Either the Hash impl above is deemed invalid (seems likely), or datastructures like HashSet would not opt-in to scoped impls. Either way, this opens up a new dimension of expressivity.

Capturing impls

I introduced the article with context/capabilities, but this is not the only way I can think of to make trait bounds carry values. The other one is to have impls capture from their context!

For this, I’ll reuse the idea of move expressions, except I prefer to call them capture expressions. We’ll also still need a notion of scoped impls, I’ll write that local impl.

struct Context;

trait GimmeArena {
    // The crazy lifetime syntax would mean "borrows from the trait dictionary".
    fn gimme() -> &'{Self as GimmeArena} Arena;
}

fn use_arena()
where
    Context: GimmeArena
{
    let arena = Context::gimme();
    // use the arena
}

fn foo() {
    let arena = Arena;

    local impl GimmeArena for Context {
        fn gimme() -> &'{Self as GimmeArena} Arena {
            capture(&arena)
        }
    }

    // In this scope, `Context` implements `GimmeArena`, and the dictionary
    // carries a reference to the arena.
    use_arena();
}

fn bar() {
    // Different scope, so we can make another impl.
    local impl GimmeArena for Context {
        fn gimme() -> &'{Self as GimmeArena} Arena {
            ... // do something else
        }
    }

    use_arena();
}

Feature-wise, this is pretty similar: where Context: GimmeArena is very close to where arena: &'a Arena from before.

This also clashes with another understanding of what a “capturing impl” might be, namely where the captured values are accessible from the &mut self argument, which would allow conveniently defining Iterators, visitors etc.

All in all I’m not too sold on this; I’m showing it because it’s a good illustration that the important notion either way is data-carrying impls.

Conclusion

I hope I got you excited about capabilities, and/or about trait-bounds-as-values! What I find compelling is how naturally “trait bounds carry runtime values” interacts with the rest of the language.
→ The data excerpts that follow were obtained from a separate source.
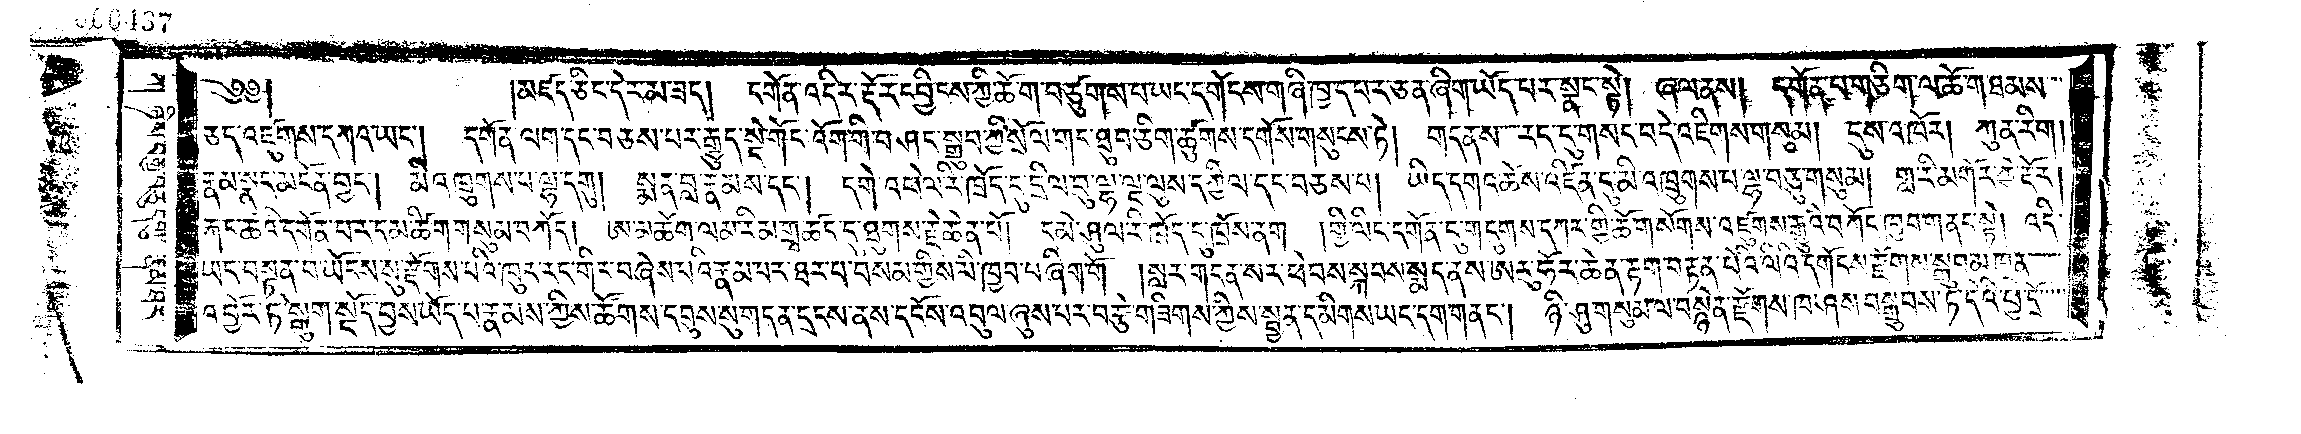༄༅། །མཛད་ཅིང་དེར་མ་ཟད། དགོན་འདིར་རྡོར་དབྱིངས་ཀྱི་ཆོ་ག་བཙུགས་པ་ཡང་དགོངས་གཞི་ཁྱད་པར་ཅན་ཞིག་ཡོད་པར་སྣང་སྟེ། ཞལ་ནས། དགོན་པ་གཅིག་ལ་ཆོ་ག་ཐམས་
ཅད་འཛུགས་དཀའ་ཡང་། དགོན་ལག་དང་བཅས་པར་རྒྱུད་སྡེ་གོང་འོག་གི་བཤད་སྒྲུབ་ཀྱི་སྲོལ་གང་ཐུབ་ཅིག་ཚུགས་དགོས་གསུངས་ཏེ། གདན་ས་རང་དུ་གསང་བདེ་འཇིགས་གསུམ། དུས་འཁོར། ཀུན་རིག།
རྣམ་སྣང་མངོན་བྱང་། མི་འཁྲུགས་པ་ལྷ་དགུ། སྨན་བླ་རྣམས་དང་། དགེ་བའི་ལ་རི་ཁྲོད་དུ་དྲིལ་བུ་ལྷ་ལྔ་ལུས་དཀྱིལ་དང་བཅས་པ། ཡིད་དགའ་ཆོས་འཛིན་དུ་མི་འཁྲུགས་པ་ལྷ་བཅུ་གསུམ། གླ་རི་མགོར་ཀྱེ་རྡོར།
རྐང་ཚའི་དགོན་པར་དམ་ཚིག་གསུམ་བཀོད། ཨ་མཆོག་ལམ་རིམ་གྲྭ་ཚང་དུ་ཐུགས་རྗེ་ཆེན་པོ། དམེ་ཤུལ་རི་ཁྲོད་དུ་ཁྲོས་ནག །གྱི་ལིང་དགོན་དུ་གདུགས་དཀར་གྱི་ཆོ་ག་སོགས་འཛུགས་རྒྱུའི་བཀོད་ཁྱབ་གནང་སྟེ། འདི་
ཡང་བསྟན་པ་ཡོངས་སུ་རྫོགས་པའི་ཁུར་རང་གིར་བཞེས་པའི་རྣམ་པར་ཐར་པ་བསམ་གྱིས་མི་ཁྱབ་པ་ཞིག་གོ །སླར་གདན་སར་ཕེབས་སྐབས་སྨད་ནས་ཨ་རུ་ཧོར་ཆེན་རྟག་བརྟན་པོའི་ལིའི་དགོངས་རྫོགས་སྒྲུབ་མཁན་
འབྱོར་ཏེ་སྡུག་སྡོད་བྱས་མོད་པ་རྣམས་ཀྱིས་ཚོགས་དབུས་སུ་གདན་དྲངས་ནས་དངོས་འབུལ་ཞུས་པར་བརྩེ་གཟིགས་ཀྱིས་སྤྱན་དམིགས་ཡང་དག་གནང་། ཉི་ཤུ་གསུམ་ལ་བསྙེན་རྫོགས་ཁ་ཤས་བསྒྲུབས་ཏེ་དེའི་ཕྱི་དྲོ་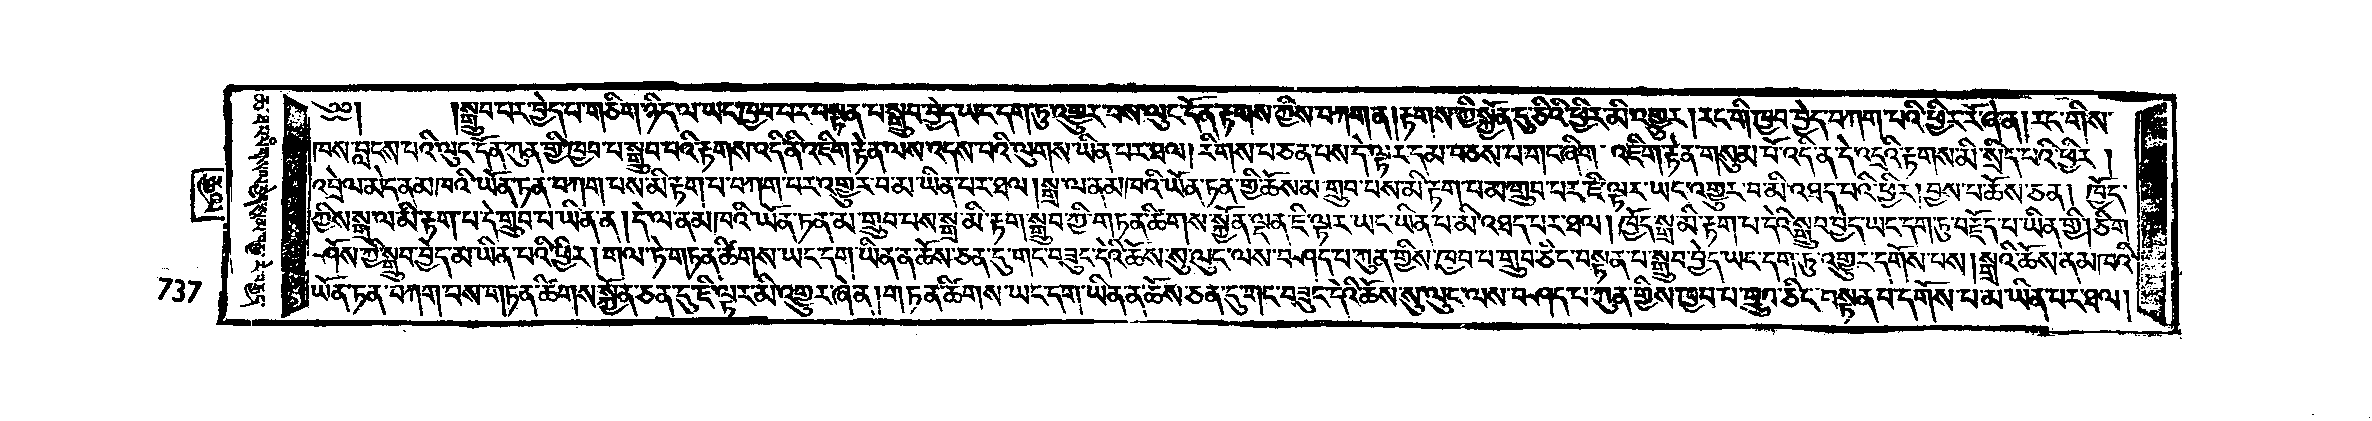༄༅། །སྒྲུབ་པར་བྱེད་པ་གཅིག་ཉིད་ལ་ཡང་ཁྱབ་པར་བསྟན་པ་སྒྲུབ་བྱེད་ཡང་དག་ཏུ་འགྱུར་བས་ལུང་དོན་རྟགས་ཀྱིས་བཀག་ན། རྟགས་ཀྱི་སྐྱོན་དུ་ཅིའི་ཕྱིར་མི་འགྱུར། རང་གི་ཁྱབ་བྱེད་བཀག་པའི་ཕྱིར་རོ་ཞེ་ན། རང་གིས་
ཁས་བླངས་པའི་ལུང་དོན་ཀུན་གྱི་ཁྱབ་པ་སྒྲུབ་པའི་རྟགས་འདི་ནི་འཇིག་རྟེན་ལས་འདས་པའི་ལུགས་ཡིན་པར་ཐལ། རིགས་པ་ཅན་པས་དེ་ལྟར་དམ་བཅས་པ་གང་ཞིག་འཇིག་རྟེན་གསུམ་པོ་འདི་ན་དེ་འདྲའི་རྟགས་མི་སྲིད་པའི་ཕྱིར།
འབྲེལ་མེད་ནམ་མཁའི་ཡོན་ཏན་བཀག་པས་མི་རྟག་པ་བཀག་པར་འགྱུར་བ་མ་ཡིན་པར་ཐལ། སྒྲ་ལ་ནམ་མཁའི་ཡོན་ཏན་གྱི་ཆོས་མ་གྲུབ་པས་མི་རྟག་པ་མ་གྲུབ་པར་ཇི་ལྟར་ཡང་འགྱུར་བ་མི་འཐད་པའི་ཕྱིར། བྱས་པ་ཆོས་ཅན། ཁྱོད་
ཀྱིས་སྒྲ་ལ་མི་རྟག་པ་དེ་གྲུབ་པ་ཡིན་ན། དེ་ལ་ནམ་མཁའི་ཡོན་ཏན་མ་གྲུབ་པས་སྒྲ་མི་རྟག་སྒྲུབ་ཀྱི་གཏན་ཚིགས་སྐྱོན་ལྡན་ཇི་ལྟར་ཡང་ཡིན་པ་མི་འཐད་པར་ཐལ། ཁྱོད་སྒྲ་མི་རྟག་པ་དེའི་སྒྲུབ་བྱེད་ཡང་དག་ཏུ་བརྗོད་པ་ཡིན་གྱི། ཅིག་
ཤོས་ཀྱི་སྒྲུབ་བྱེད་མ་ཡིན་པའི་ཕྱིར། གལ་ཏེ་གཏན་ཚིགས་ཡང་དག་ཡིན་ན་ཆོས་ཅན་དུ་གང་བཟུང་དེའི་ཆོས་སུ་ལུང་ལས་བཤད་པ་ཀུན་གྱིས་ཁྱབ་པ་གྲུབ་ཅིང་བསྟན་པ་སྒྲུབ་བྱེད་ཡང་དག་ཏུ་འགྱུར་དགོས་པས། སྒྲའི་ཆོས་ནམ་མཁའི་
ཡོན་ཏན་བཀག་པས་གཏན་ཚིགས་སྐྱོན་ཅན་དུ་ཇི་ལྟར་མི་འགྱུར་ཞེ་ན། གཏན་ཚིགས་ཡང་དག་ཡིན་ན་ཆོས་ཅན་དུ་གང་བཟུང་དེའི་ཆོས་སུ་ལུང་ལས་བཤད་པ་ཀུན་གྱིས་ཁྱབ་པ་གྲུབ་ཅིང་བསྟན་པ་དགོས་པ་མ་ཡིན་པར་ཐལ།

I’ll see you later for more explorations of dictionary-passing-style traits.

  1. See my last post 

  2. I’m fudging the difference between types and values here, but I don’t think there’s ambiguity in practice. A more precise way of doing this would be a magic associated type <T as Deserialize>::capabilities: 'static + Send

  3. Basically “is fully known at compile-time”, so there’s no need to thread any value. That’s very different from T: const Trait which would mean “its methods can be called at compile-time”. We’ll probably not use such a similar notation, that would be confusing af x) 

  4. Not sure I’m using this trait right, but I understand it as “Copy but where the new value is borrowck-linked to the previous one”, and we need something along these lines.